The second CNI network unloads the business data flow generated by each container group to DPU equipment connected with the second CNI network through a second type network card, and issues a flow table for guiding flow forwarding to the DPU equipment;

the DPU device uses a pre-deployed traffic forwarding plane for forwarding traffic data traffic, and forwards traffic data traffic offloaded from a second CNI network according to the flow table from the second CNI network.

2. The method of claim 1, wherein the multi-CNI container network is created by a network orchestration tool for cloud-native container virtualization, wherein the network orchestration tool builds a container virtualization cluster by installing and deploying the network orchestration tool on control nodes of a cloud server cluster and cloud server nodes, and wherein a multi-CNI support component is pre-deployed in the network orchestration tool such that the network orchestration tool supports a plurality of CNIs.

3. The method according to claim 2, wherein an interface detection plug-in is pre-deployed on the network orchestration tool virtualized by the cloud primary container, enabling the second CNI network to discover physical function interfaces and/or virtual function interfaces on server nodes, the virtual function interfaces virtualized on a single root I/O basis being implemented by the interface detection plug-in.

4. The method of claim 2, wherein the network orchestration tool for cloud proto-container virtualization is Kubernetes, the multi-CNI support component is Multus-CNI, the method further comprising:

The Kubernetes deployment Calico CNI and ovn-Kubernetes CNI plug-ins based on installation deployment, the Calico CNI being used to carry the first CNI network, the ovn-Kubernetes CNI plug-ins being used to carry the second CNI network;

Wherein Calico CNI is set to the default CNI of Kubernetes.

5. The method according to claim 1, characterized in that the method further comprises:

The ovn-kubernetes CNI components pre-deployed on the control nodes of the cloud server cluster contain ovs, ovnkube-master, ovnkube-db and ovnkube nodes in full mode;

The ovn-kubernetes CNI components on the Host side of the worker node of the cloud server cluster include OVN-K8s-CNI-Overlay, and ovnkube nodes.

6. The method of claim 1, wherein the first type of network card is a virtual network card interface and the second type of network card is a virtual function interface supporting single root I/O virtualization.

7. The method of claim 1, wherein a traffic forwarding plane for forwarding traffic data traffic is pre-deployed in a system-on-a-chip of the DPU device.

8. The method of claim 7, wherein the method further comprises:

A second CNI network control component for supporting flow table issuing and a second CNI network node configuration component for setting interface configuration are deployed in a system on chip of the DPU device in advance by using an application container engine;

the Host side is a server, and the server and the DPU device are connected to the multi-CNI container network through a switch and/or an optical switch.

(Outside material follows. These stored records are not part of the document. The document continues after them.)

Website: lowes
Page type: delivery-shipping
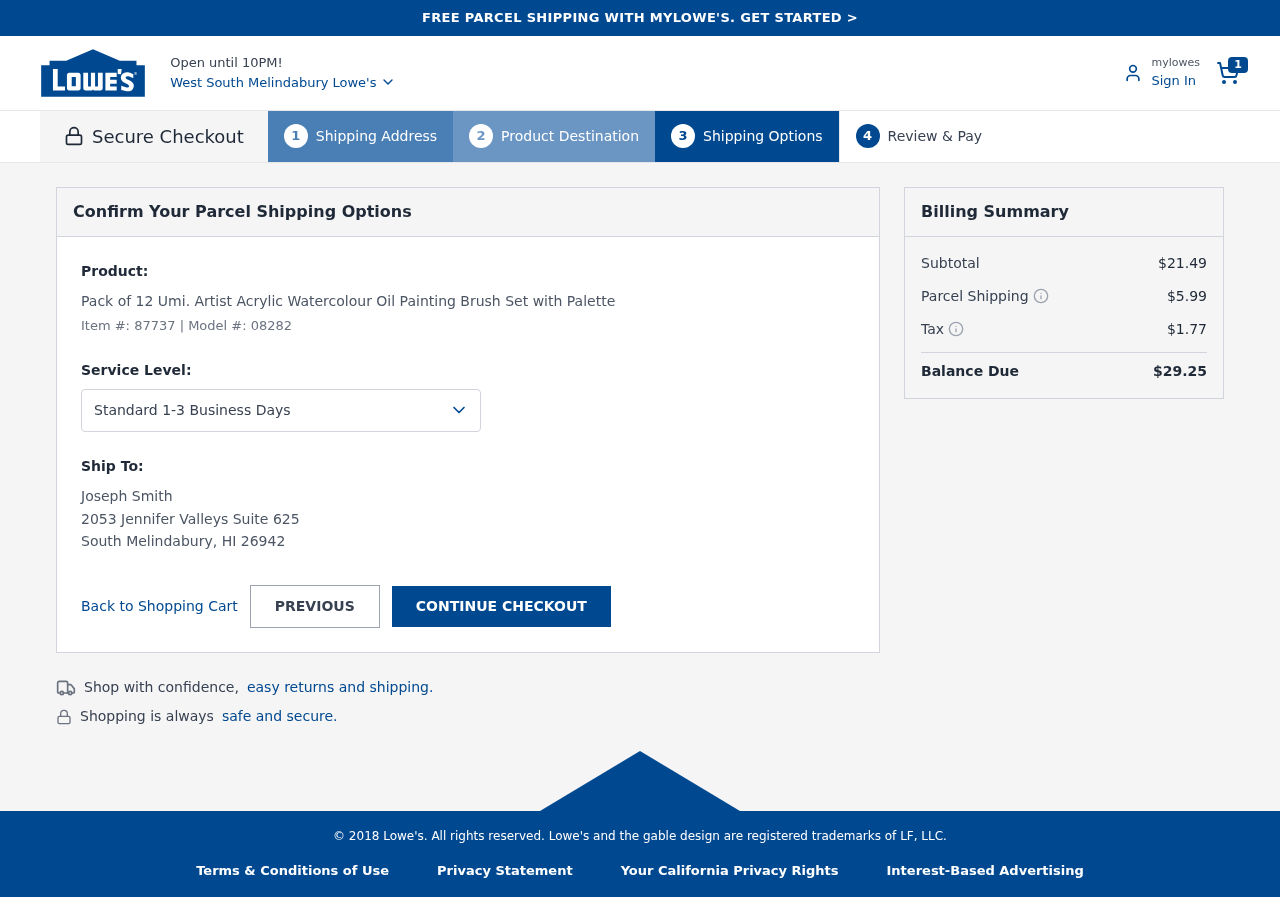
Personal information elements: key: PII_CITY
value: South Melindabury
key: PII_CITY_STATE_ZIP
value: South Melindabury, HI 26942
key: PII_FULLNAME
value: Joseph Smith
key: PII_STREET
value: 2053 Jennifer Valleys Suite 625
Product elements: key: PRODUCT1_NAME
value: Pack of 12 Umi. Artist Acrylic Watercolour Oil Painting Brush Set with Palette
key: PRODUCT1_ITEM_NUMBER
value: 87737
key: PRODUCT1_MODEL_NUMBER
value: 08282
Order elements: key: ORDER_NUM_ITEMS
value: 1
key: ORDER_SUBTOTAL
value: $21.49
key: ORDER_SHIPPING_COST
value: $5.99
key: ORDER_TAX
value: $1.77
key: ORDER_TOTAL
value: $29.25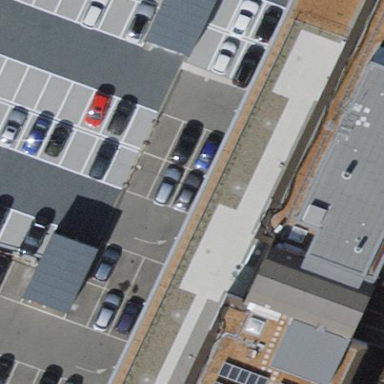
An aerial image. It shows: Close-up view of roof part of building.

9. The method of claim 8, wherein when a plurality of DPU devices are connected to the second CNI network, a data connection is established between different DPU devices through a switch or an optical switch, and a data connection is established between different container groups within the same DPU device.

10. A system for DPU offloading data network plane traffic in a multi-CNI container network, comprising a processor and a memory, wherein the memory has stored therein computer instructions for executing the computer instructions stored in the memory, which when executed by the processor, implements the steps of the method of any one of claims 1 to 9.